Carbamazepine dissolution profiles (Type II) in 900 ml of water at 100 rpm (n=3).

Physical Characterization Data of the Optimized Pellets

Hardness friability index (HFI)

A friability testing apparatus was used to determine weight loss of the pellets (as a percentage). In friability testing, no significant weight loss was observed, and all tested pellets were found to be of superior hardness (Table 7). These findings confirmed the excellent mechanical properties of pellets prepared by the continuous HME process.

Table 7.

Physical characterization data of the optimized pellets.
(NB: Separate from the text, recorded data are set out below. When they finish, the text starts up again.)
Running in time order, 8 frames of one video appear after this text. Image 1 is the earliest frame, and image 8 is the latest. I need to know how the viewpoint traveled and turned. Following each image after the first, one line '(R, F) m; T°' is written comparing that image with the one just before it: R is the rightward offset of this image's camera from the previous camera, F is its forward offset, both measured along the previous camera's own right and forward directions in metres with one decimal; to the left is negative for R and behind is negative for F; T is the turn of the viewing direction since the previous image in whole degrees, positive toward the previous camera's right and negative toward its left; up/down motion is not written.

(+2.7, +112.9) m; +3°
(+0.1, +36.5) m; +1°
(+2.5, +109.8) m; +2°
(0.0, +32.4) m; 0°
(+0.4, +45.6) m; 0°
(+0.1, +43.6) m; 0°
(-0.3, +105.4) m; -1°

Formulation	Flowability (gm.s−1)	HFI (%)	Bulk density (gm/cc)	Tapped density (gm/cc)	Carr’s index (%)
F6	5.61	0.17	0.767	0.826	7.14
F7	5.35	0.16	0.773	0.830	7.37
F15	5.42	0.16	0.771	0.842	8.43

Flowability

Highly spherical pellets flow easily, which is considered ideal for further processing. From data presented in Table 7, the F6 pellet formulation flowed more easily than F7 and F17. This could be attributed to the fact that small size pellets flow more freely from the orifice than large size pellets.
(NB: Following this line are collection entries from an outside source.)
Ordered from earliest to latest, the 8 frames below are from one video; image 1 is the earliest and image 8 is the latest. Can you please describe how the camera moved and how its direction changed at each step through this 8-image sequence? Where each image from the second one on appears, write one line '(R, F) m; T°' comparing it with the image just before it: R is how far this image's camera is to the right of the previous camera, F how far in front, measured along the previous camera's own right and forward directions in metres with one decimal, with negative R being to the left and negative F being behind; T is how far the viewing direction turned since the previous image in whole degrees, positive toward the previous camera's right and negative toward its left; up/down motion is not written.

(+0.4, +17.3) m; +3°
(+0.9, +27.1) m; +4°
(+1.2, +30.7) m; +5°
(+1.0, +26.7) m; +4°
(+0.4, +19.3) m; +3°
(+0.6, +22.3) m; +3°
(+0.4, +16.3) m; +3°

Bulk density, tapped density and Carr’s index

In the pharmaceutics field, Carr’s index is used as another indicator of flowability. A Carr’s index more than 25 indicates poor flow properties, and less than 15 indicates good flow properties^{36, 37}. Highly spherical pellets occupy less volume, and there is not much difference between the value of bulk and tapped density. In Table 7, the values of bulk and tapped density for all optimized formulations were very close. The Carr’s index of all optimized pellet formulations was less than 15.

CONCLUSION

The Box-Behnken experimental design was successfully utilized for the optimization of HME connected to a face-cut pelletizer, required only 17 experiments. Pellets with satisfactory physico-mechanical characteristics were successfully prepared by melt extrusion/face-cut pelletization using the optimized conditions. The present study discusses the development of novel, “ready to fill” face-cut pellets as final/finished drug products using HME techniques. These studies may be beneficial for optimizing the manufacture of other types of dosage forms. Changing face cutter speed is a point of interest for future work.